The short video below will give you how you can measure dosage requirements for your dog.
Table of Contents
What is Vitamin A?
Vitamin A is an essential vitamin that dogs need for many functions. It is a fat-soluble vitamin, which means it can be stored in the body for long periods of time. It is also known as retinol because it is essential for vision.
Studies have been done to determine the impact of Vitamin A in puppy and adult dog diets and this research demonstrated that it is even safer to feed vitamin a to puppies.
Vitamin A as a Fat soluble Fat
Vitamin A is a fat-soluble vitamin, which means that it is stored in the body’s fatty tissue. It can be found in many foods, but some of the best sources are liver, fish oil, and egg yolks. Vitamin A is also added to many commercial dog foods.
Other sources include carrots, liver (in minimal amounts), pumpkin, spinach, sweet potatoes, and turnip greens.
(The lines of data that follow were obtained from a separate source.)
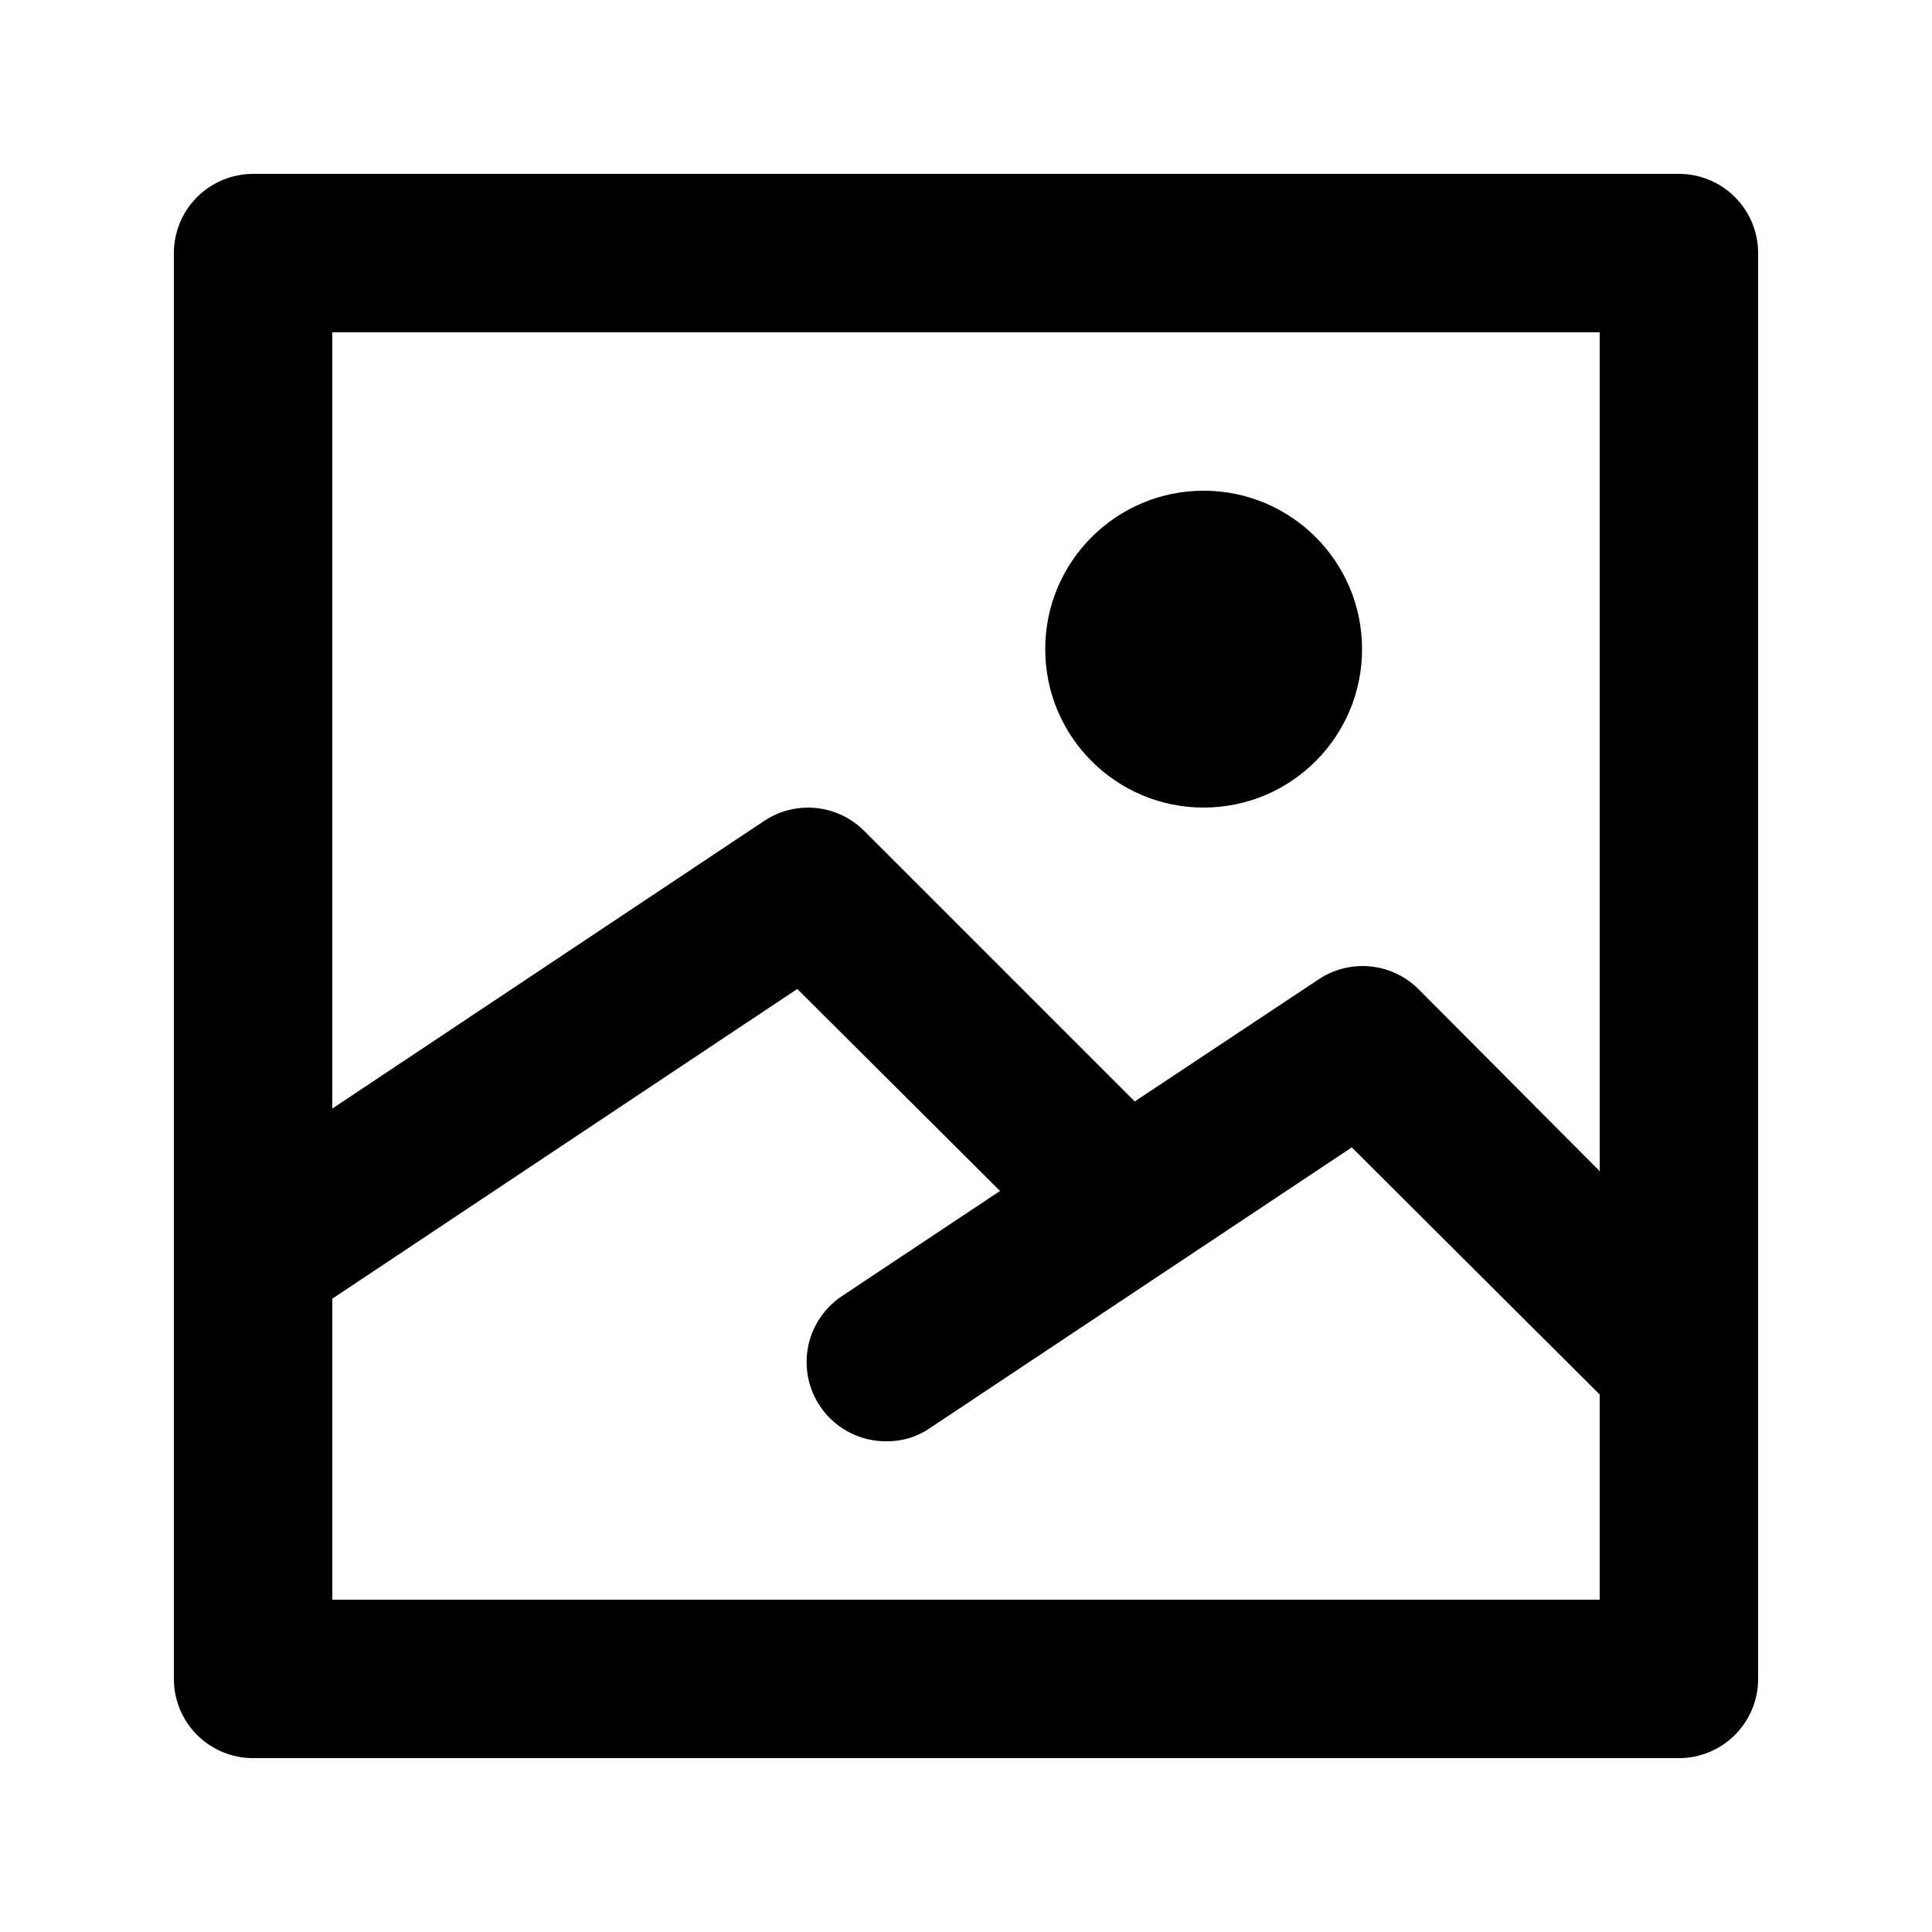 <?xml version="1.0" encoding="UTF-8"?>
<!-- Uploaded to: SVG Repo, www.svgrepo.com, Generator: SVG Repo Mixer Tools -->
<svg fill="#000000" width="800px" height="800px" version="1.1" viewBox="144 144 512 512" xmlns="http://www.w3.org/2000/svg">
 <g>
  <path d="m588.93 190.08h-377.86c-5.566 0-10.906 2.211-14.844 6.148s-6.148 9.277-6.148 14.844v377.86c0 5.57 2.211 10.906 6.148 14.844s9.277 6.148 14.844 6.148h377.86c5.57 0 10.906-2.211 14.844-6.148s6.148-9.273 6.148-14.844v-377.86c0-5.566-2.211-10.906-6.148-14.844s-9.273-6.148-14.844-6.148zm-20.992 41.984v222.3l-48.07-48.281c-3.441-3.406-7.957-5.516-12.777-5.977-4.82-0.457-9.648 0.762-13.672 3.457l-48.703 32.328-71.793-71.793c-3.441-3.406-7.953-5.516-12.773-5.977-4.82-0.457-9.652 0.762-13.676 3.457l-114.41 76.203v-205.72zm-335.87 335.87v-79.77l123.22-82.078 53.738 53.531-41.984 27.918c-5.035 3.383-8.363 8.785-9.121 14.805-0.758 6.023 1.129 12.078 5.172 16.605 4.043 4.523 9.848 7.082 15.918 7.004 4.125 0.051 8.164-1.199 11.543-3.566l111.68-74.312 65.703 65.496v54.367z"/>
  <path d="m504.96 316.03c0 23.188-18.797 41.984-41.98 41.984-23.188 0-41.984-18.797-41.984-41.984s18.797-41.984 41.984-41.984c23.184 0 41.98 18.797 41.98 41.984"/>
 </g>
</svg>
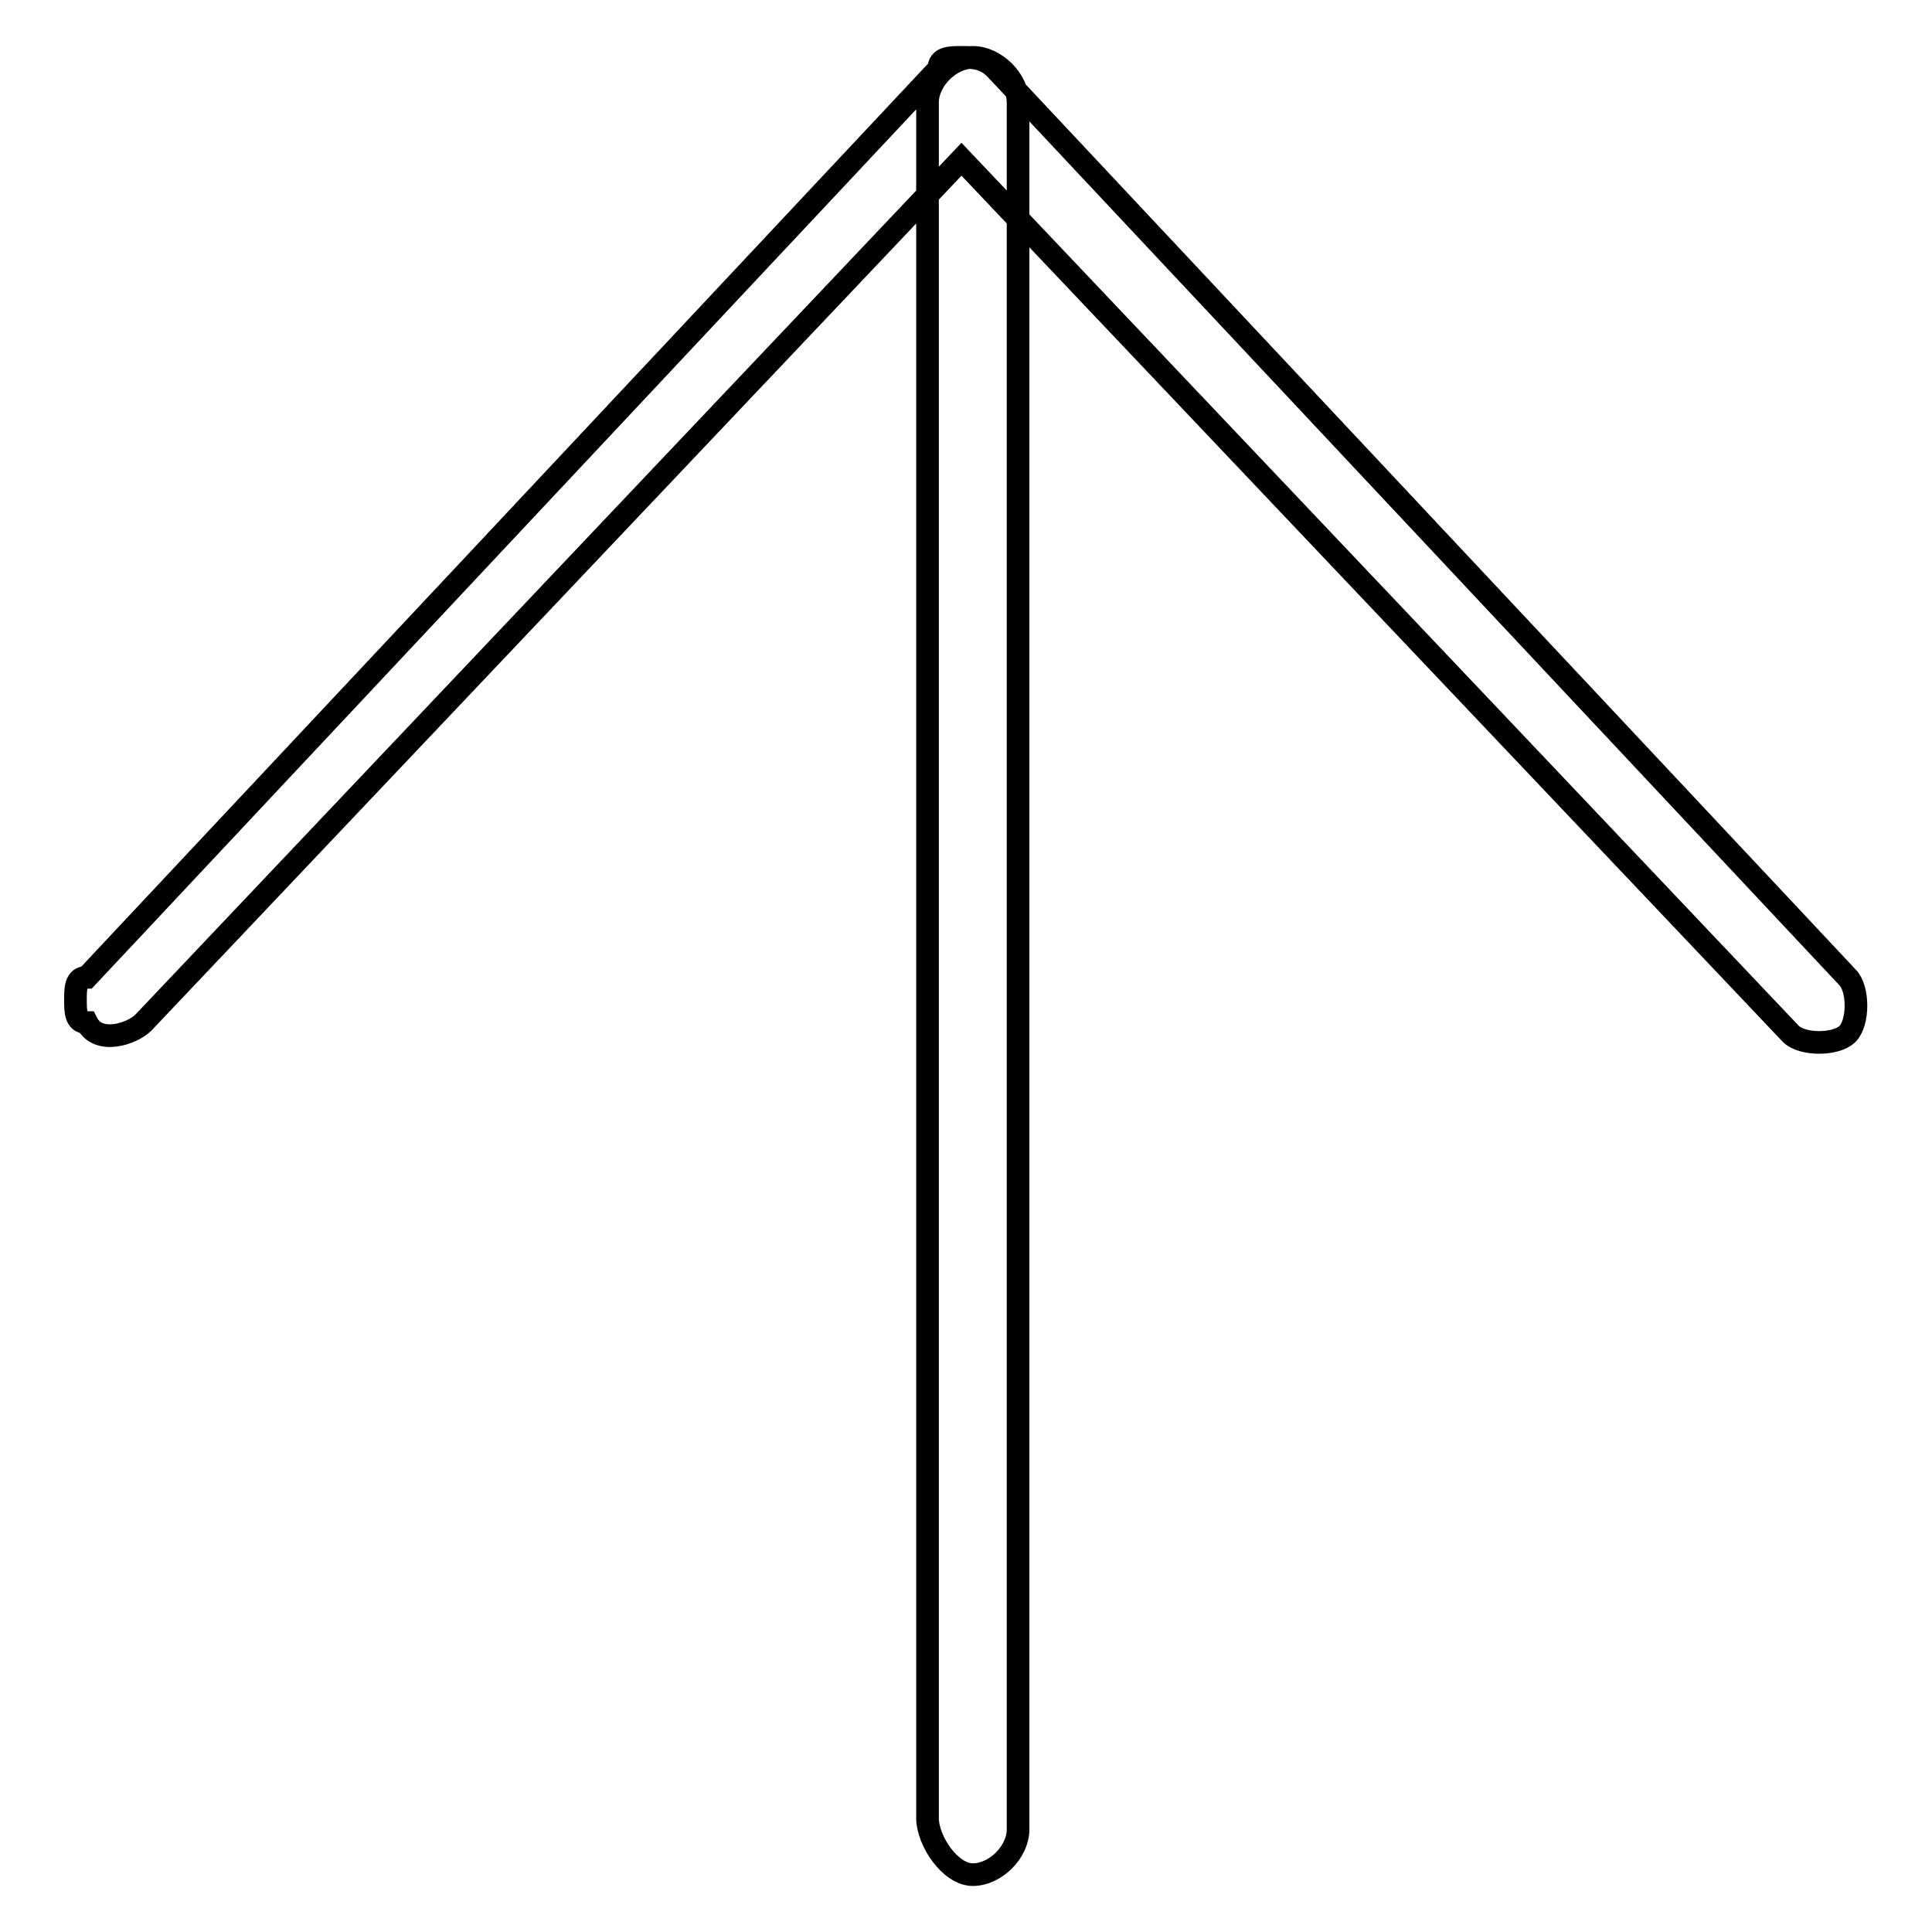 <?xml version="1.0" encoding="utf-8"?>
<!-- Svg Vector Icons : http://www.onlinewebfonts.com/icon -->
<!DOCTYPE svg PUBLIC "-//W3C//DTD SVG 1.1//EN" "http://www.w3.org/Graphics/SVG/1.1/DTD/svg11.dtd">
<svg version="1.1" xmlns="http://www.w3.org/2000/svg" xmlns:xlink="http://www.w3.org/1999/xlink" x="0px" y="0px" viewBox="0 0 256 256" enable-background="new 0 0 256 256" xml:space="preserve">
<g><g><path stroke-width="3" fill-opacity="0" stroke="#000000"  d="M10,132.5c0-1.5,0-3,1.5-3L124.4,9.1c0-1.5,1.5-1.5,3-1.5c1.5,0,3,0,4.5,1.5l112.9,120.4c1.5,1.5,1.5,6,0,7.5c-1.5,1.5-6,1.5-7.5,0L127.4,21.1L19,135.5c-1.5,1.5-6,3-7.5,0C10,135.5,10,134,10,132.5L10,132.5z M122.9,240.9V13.6c0-3,3-6,6-6c3,0,6,3,6,6v228.8c0,3-3,6-6,6C125.9,248.4,122.9,243.9,122.9,240.9L122.9,240.9z"/></g></g>
</svg>

Water soluble vitamins are not stored in the body and need to be replenished more often.
The benefits of Vitamin A
Vitamin A is essential for many functions in the body, including:
· Creates and maintains healthy skin and coat
· Keeps the mucous membranes healthy
· Improves vision
· Boosts the immune system
· Is necessary for reproduction
What does Vitamin A do in your dog’s body?
Vitamin A is important for many other functions in the body as well, including:
– Growth and development
– The immune system
– cell differentiation
– skin and mucous membranes
Let me explain each of the above in detail:
Growth and development:
Vitamin A is essential for the normal growth and development of puppies. It plays a role in cell differentiation, which is vital for the formation of healthy tissues and organs. Puppies who are deficient in vitamin A may have stunted growth, bone abnormalities, and joint problems.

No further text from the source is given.